The Bride Wore Constant White—final excerpt

The Bride Wore Constant White by Shelley AdinaCopyright 2018 by Shelley Adina

Chapter 1 (continued)

Miss Makepeace nodded. “I have been writing to Mr. Bjorn Hansen, of Georgetown, for some months now, and am convinced that he will make me a good husband.” She touched the exceedingly modest diamond upon the fourth finger of her left hand. “He sent this in his last letter, and I sent my acceptance by return airship.”

“My goodness,” Freddie breathed. “I have never met a mail-order bride. I thought they only existed in the flickers—you know, like Posted to Paradise.” She and Daisy had stood in the queue outside the nickelodeon on Milsom Street for half an hour to see that one, much to their aunt’s disgust. But it had been so romantic!

“We are quite real, I assure you.” Two dimples dented Miss Makepeace’s cheeks. “My dress and veil are in my trunk. Mr. Hansen will meet the train when I alight in Georgetown, and we will be married two days later in the First Presbyterian Church on Taos Street. It is all arranged.”

“Where is Georgetown, exactly?” Daisy asked.

Not that it mattered—she and Frederica were bound for Santa Fe, on a quest that could not be postponed. Their father, Dr. Rudolph Linden, RSE, had been missing for nearly two years. Influenza had taken their mother last winter—hastened, Daisy was certain, by the anxiety and depression she had suffered after his mysterious disappearance. Now that she had reached her majority, Daisy was determined to take up the search where her mother had left off. And this time, if love and determination meant anything, she and Freddie would find him.

“It is in the northern reaches of the Texican Territories, in the mountains,” Miss Makepeace explained in answer to her question. “From Denver, it is merely an hour west by train. It is said to be one of the loveliest towns in the territory—and certainly one of the richest. Silver, you know. It is surrounded by mines on every side, and has a bustling economy, I am told.”

A young man who had been passing on the way to his table now hesitated next to theirs. “I do beg your pardon. Forgive me for intruding, but are you speaking of Georgetown?”

If Aunt Jane had been sitting opposite, Daisy had no doubt there would have been either a cut direct—or an invitation to breakfast if she thought the young man might be good husband material. But they were en route for the Americas, where one might stop and strike up a conversation without having to be formally introduced by a mutual acquaintance—or to give one’s family antecedents back four generations.
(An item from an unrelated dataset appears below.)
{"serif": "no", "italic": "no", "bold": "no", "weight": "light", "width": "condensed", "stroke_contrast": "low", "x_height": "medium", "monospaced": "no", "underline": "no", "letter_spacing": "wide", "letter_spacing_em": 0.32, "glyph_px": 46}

“We are, sir. Do you know it?”

His square, honest face broke into a smile, and Daisy noted with interest the quality of the velvet inset into the lapels of his coat, and the leaf-brown color of his trousers—not the dull brown of earth, but the warmer tones of the mast on the forest floor.
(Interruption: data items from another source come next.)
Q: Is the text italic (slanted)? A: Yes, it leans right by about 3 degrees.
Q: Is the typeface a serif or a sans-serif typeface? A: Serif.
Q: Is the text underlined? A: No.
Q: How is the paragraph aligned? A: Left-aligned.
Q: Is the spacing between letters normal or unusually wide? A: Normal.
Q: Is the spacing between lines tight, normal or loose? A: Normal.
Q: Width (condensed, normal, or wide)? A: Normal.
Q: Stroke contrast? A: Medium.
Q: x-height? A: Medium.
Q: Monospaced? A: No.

“I am bound there as well. Do allow me to introduce myself. My name is Hugh Meriwether-Astor, originally from Philadelphia. I have recently bought a share in the Pelican mine.”

“And are you going out to inspect your investment, or have you been there before?” Miss Makepeace asked.
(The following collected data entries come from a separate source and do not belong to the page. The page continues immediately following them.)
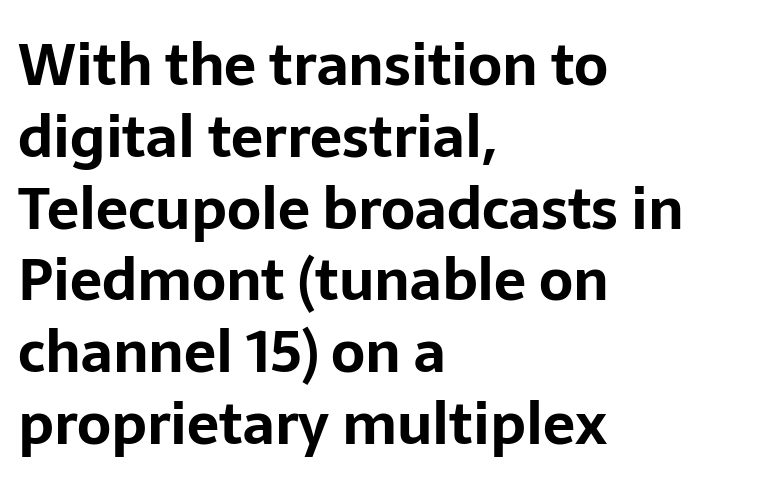
Q: Is the text bold? A: Yes.
Q: Is the text italic (slanted)? A: No, it is upright.
Q: Is the typeface a serif or a sans-serif typeface? A: Sans-serif.
Q: Is the text underlined? A: No.
Q: How is the paragraph aligned? A: Left-aligned.
Q: Is the spacing between letters normal or unusually wide? A: Normal.
Q: Is the spacing between lines tight, normal or loose? A: Normal.
Q: Width (condensed, normal, or wide)? A: Normal.
Q: Stroke contrast? A: Low.
Q: x-height? A: Medium.
Q: Monospaced? A: No.
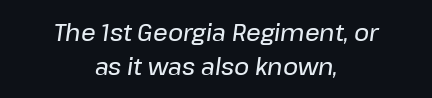
{"italic": "yes", "lean": "right", "slant_degrees": 8, "underline": "no", "align": "center", "line_spacing": "normal", "line_spacing_ratio": 1.46, "letter_spacing": "normal", "letter_spacing_em": 0.0, "glyph_px": 23}
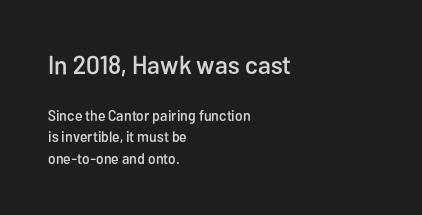
Leftover space on each line is placed entirely after the last word. If you measured baseline to baseline, you'd find a middling distance. Plain, unruled lines of type. Look at the glyph heights: the upper group is clearly the bigger setting. Characters follow at the spacing the type designer built in. Do the letters lean? They stand straight.

“This is my first visit. I’m afraid I have an ulterior motive—that of escaping the bad temper of my older brother, who is not quite so conservative in his business dealings, for the summer. I should like to get my hands dirty, and do a little excavating myself if I can, before I go back to law school. And you?”

As the eldest, and practically a married woman, Miss Makepeace made the introductions. Daisy noted that she did not vouchsafe any personal details of their voyage, she supposed because she had no personal observations of her future home to offer him. They parted with promises of seeing one another at the card tables after dinner, and the young man continued to his table by the viewing port.

“What a nice person,” Frederica ventured. “He does not seem much older than you, Daisy, and yet he owns part of a mine. His family must be rather well off.”

“If my facts are in order, he is closely connected with the Meriwether-Astor Manufacturing Works,” Miss Makepeace said in a low tone. Heaven forbid the young man should know they were discussing him. “Surely even in Bath you will have read in the papers about his cousin, Gloria Meriwether-Astor.”

“It’s a difficult name to miss,” Daisy said. “Wasn’t she the one who singlehandedly stopped a war in the Wild West and returned home in triumph with none other than a railroad baron’s long-lost heir for a husband?”

Honestly, while it might have been quite true, it did sound like one of the sensational plots beloved of the flickers.

“I am quite sure it wasn’t singlehandedly,” Miss Makepeace said. “But I will say that the union of two such industrial fortunes made headlines in the Fifteen Colonies, and London and Zurich as well. It was all any of my father’s cronies talked of at dinner for weeks.”

“My friend Maggie knows her,” Freddie said most unexpectedly. “Gloria, I mean. Mrs. Stanford Fremont.”

“Nonsense,” Daisy said repressively. “Another of that girl’s absurd fabrications.”

“It isn’t!” Freddie drew back, affronted, and refused to speak for the rest of their meal.

There were some blessings for which one could only be thankful.